Make a verbatim copy of the entries below; pictures stay out.

Content starts

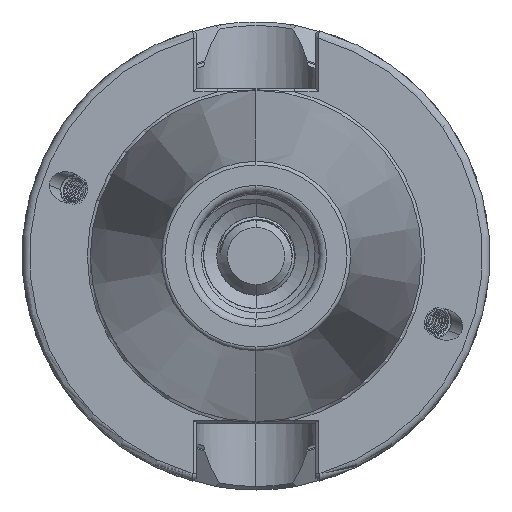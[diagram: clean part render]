
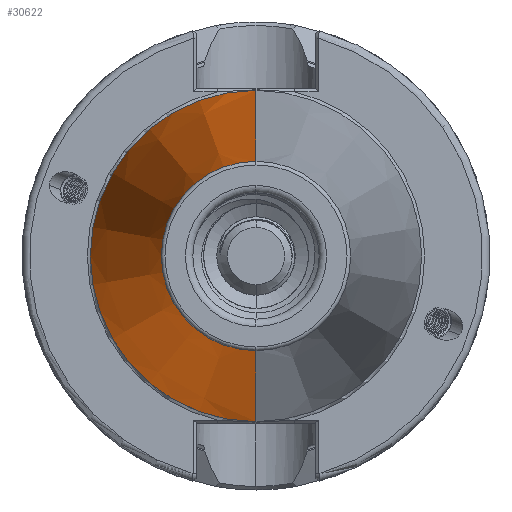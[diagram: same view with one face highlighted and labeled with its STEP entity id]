
A CAD part, left-side view. The second image highlights one B-rep face of the part: STEP entity #30622.
In plain terms, the highlighted conical face has half-angle 8.297 degrees and reference radius 22.298 mm.
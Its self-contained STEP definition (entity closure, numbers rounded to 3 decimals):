
#148 = AXIS2_PLACEMENT_3D ( 'NONE', #2248, #2178, #2256 ) ;
#398 = AXIS2_PLACEMENT_3D ( 'NONE', #3369, #3343, #3373 ) ;
#2178 = DIRECTION ( 'NONE',  ( 1., 0., 0. ) ) ;
#2248 = CARTESIAN_POINT ( 'NONE',  ( -66.972, 0., 0. ) ) ;
#2256 = DIRECTION ( 'NONE',  ( 0., 0., -1. ) ) ;
#2740 = DIRECTION ( 'NONE',  ( 0.99, 0., -0.144 ) ) ;
#2767 = CARTESIAN_POINT ( 'NONE',  ( -1.5, 0., -22.298 ) ) ;
#2851 = CARTESIAN_POINT ( 'NONE',  ( -1.5, 0., 22.298 ) ) ;
#2863 = DIRECTION ( 'NONE',  ( 0.99, 0., 0.144 ) ) ;
#3343 = DIRECTION ( 'NONE',  ( 1., 0., 0. ) ) ;
#3369 = CARTESIAN_POINT ( 'NONE',  ( -1.5, 0., 0. ) ) ;
#3373 = DIRECTION ( 'NONE',  ( 0., 0., -1. ) ) ;
#8462 = CIRCLE ( 'NONE', #148, 12.75 ) ;
#8466 = VECTOR ( 'NONE', #2740, 1000. ) ;
#8480 = LINE ( 'NONE', #2767, #8466 ) ;
#8932 = LINE ( 'NONE', #2851, #8946 ) ;
#8937 = CIRCLE ( 'NONE', #398, 22.298 ) ;
#8946 = VECTOR ( 'NONE', #2863, 1000. ) ;
#10126 = CARTESIAN_POINT ( 'NONE',  ( -1.5, 0., -22.298 ) ) ;
#10131 = CARTESIAN_POINT ( 'NONE',  ( -66.972, 0., 12.75 ) ) ;
#10205 = CARTESIAN_POINT ( 'NONE',  ( -1.5, 0., 22.298 ) ) ;
#10227 = CARTESIAN_POINT ( 'NONE',  ( -66.972, 0., -12.75 ) ) ;
#11800 = EDGE_LOOP ( 'NONE', ( #32492, #32475, #32448, #32449 ) ) ;
#17513 = FACE_OUTER_BOUND ( 'NONE', #11800, .T. ) ;
#17583 = CONICAL_SURFACE ( 'NONE', #27913, 22.298, 0.145 ) ;
#19446 = VERTEX_POINT ( 'NONE', #10126 ) ;
#19448 = VERTEX_POINT ( 'NONE', #10131 ) ;
#19463 = VERTEX_POINT ( 'NONE', #10227 ) ;
#19467 = VERTEX_POINT ( 'NONE', #10205 ) ;
#27055 = EDGE_CURVE ( 'NONE', #19446, #19467, #8937, .T. ) ;
#27064 = EDGE_CURVE ( 'NONE', #19448, #19467, #8932, .T. ) ;
#27101 = EDGE_CURVE ( 'NONE', #19463, #19446, #8480, .T. ) ;
#27111 = EDGE_CURVE ( 'NONE', #19463, #19448, #8462, .T. ) ;
#27913 = AXIS2_PLACEMENT_3D ( 'NONE', #30249, #30299, #30303 ) ;
#30249 = CARTESIAN_POINT ( 'NONE',  ( -1.5, 0., 0. ) ) ;
#30299 = DIRECTION ( 'NONE',  ( 1., 0., 0. ) ) ;
#30303 = DIRECTION ( 'NONE',  ( 0., 0., -1. ) ) ;
#30622 = ADVANCED_FACE ( 'NONE', ( #17513 ), #17583, .T. ) ;
#32448 = ORIENTED_EDGE ( 'NONE', *, *, #27055, .F. ) ;
#32449 = ORIENTED_EDGE ( 'NONE', *, *, #27101, .F. ) ;
#32475 = ORIENTED_EDGE ( 'NONE', *, *, #27064, .T. ) ;
#32492 = ORIENTED_EDGE ( 'NONE', *, *, #27111, .T. ) ;

Content ends

> _Completed task_
[diagram: clean part render]
[diagram: same view with one face highlighted and labeled with its STEP entity id]
A CAD part, left-side view. The second image highlights one B-rep face of the part: STEP entity #30622.
In plain terms, the highlighted conical face has half-angle 8.297 degrees and reference radius 22.298 mm.
Its self-contained STEP definition (entity closure, numbers rounded to 3 decimals):
#148 = AXIS2_PLACEMENT_3D ( 'NONE', #2248, #2178, #2256 ) ;
#398 = AXIS2_PLACEMENT_3D ( 'NONE', #3369, #3343, #3373 ) ;
#2178 = DIRECTION ( 'NONE',  ( 1., 0., 0. ) ) ;
#2248 = CARTESIAN_POINT ( 'NONE',  ( -66.972, 0., 0. ) ) ;
#2256 = DIRECTION ( 'NONE',  ( 0., 0., -1. ) ) ;
#2740 = DIRECTION ( 'NONE',  ( 0.99, 0., -0.144 ) ) ;
#2767 = CARTESIAN_POINT ( 'NONE',  ( -1.5, 0., -22.298 ) ) ;
#2851 = CARTESIAN_POINT ( 'NONE',  ( -1.5, 0., 22.298 ) ) ;
#2863 = DIRECTION ( 'NONE',  ( 0.99, 0., 0.144 ) ) ;
#3343 = DIRECTION ( 'NONE',  ( 1., 0., 0. ) ) ;
#3369 = CARTESIAN_POINT ( 'NONE',  ( -1.5, 0., 0. ) ) ;
#3373 = DIRECTION ( 'NONE',  ( 0., 0., -1. ) ) ;
#8462 = CIRCLE ( 'NONE', #148, 12.75 ) ;
#8466 = VECTOR ( 'NONE', #2740, 1000. ) ;
#8480 = LINE ( 'NONE', #2767, #8466 ) ;
#8932 = LINE ( 'NONE', #2851, #8946 ) ;
#8937 = CIRCLE ( 'NONE', #398, 22.298 ) ;
#8946 = VECTOR ( 'NONE', #2863, 1000. ) ;
#10126 = CARTESIAN_POINT ( 'NONE',  ( -1.5, 0., -22.298 ) ) ;
#10131 = CARTESIAN_POINT ( 'NONE',  ( -66.972, 0., 12.75 ) ) ;
#10205 = CARTESIAN_POINT ( 'NONE',  ( -1.5, 0., 22.298 ) ) ;
#10227 = CARTESIAN_POINT ( 'NONE',  ( -66.972, 0., -12.75 ) ) ;
#11800 = EDGE_LOOP ( 'NONE', ( #32492, #32475, #32448, #32449 ) ) ;
#17513 = FACE_OUTER_BOUND ( 'NONE', #11800, .T. ) ;
#17583 = CONICAL_SURFACE ( 'NONE', #27913, 22.298, 0.145 ) ;
#19446 = VERTEX_POINT ( 'NONE', #10126 ) ;
#19448 = VERTEX_POINT ( 'NONE', #10131 ) ;
#19463 = VERTEX_POINT ( 'NONE', #10227 ) ;
#19467 = VERTEX_POINT ( 'NONE', #10205 ) ;
#27055 = EDGE_CURVE ( 'NONE', #19446, #19467, #8937, .T. ) ;
#27064 = EDGE_CURVE ( 'NONE', #19448, #19467, #8932, .T. ) ;
#27101 = EDGE_CURVE ( 'NONE', #19463, #19446, #8480, .T. ) ;
#27111 = EDGE_CURVE ( 'NONE', #19463, #19448, #8462, .T. ) ;
#27913 = AXIS2_PLACEMENT_3D ( 'NONE', #30249, #30299, #30303 ) ;
#30249 = CARTESIAN_POINT ( 'NONE',  ( -1.5, 0., 0. ) ) ;
#30299 = DIRECTION ( 'NONE',  ( 1., 0., 0. ) ) ;
#30303 = DIRECTION ( 'NONE',  ( 0., 0., -1. ) ) ;
#30622 = ADVANCED_FACE ( 'NONE', ( #17513 ), #17583, .T. ) ;
#32448 = ORIENTED_EDGE ( 'NONE', *, *, #27055, .F. ) ;
#32449 = ORIENTED_EDGE ( 'NONE', *, *, #27101, .F. ) ;
#32475 = ORIENTED_EDGE ( 'NONE', *, *, #27064, .T. ) ;
#32492 = ORIENTED_EDGE ( 'NONE', *, *, #27111, .T. ) ;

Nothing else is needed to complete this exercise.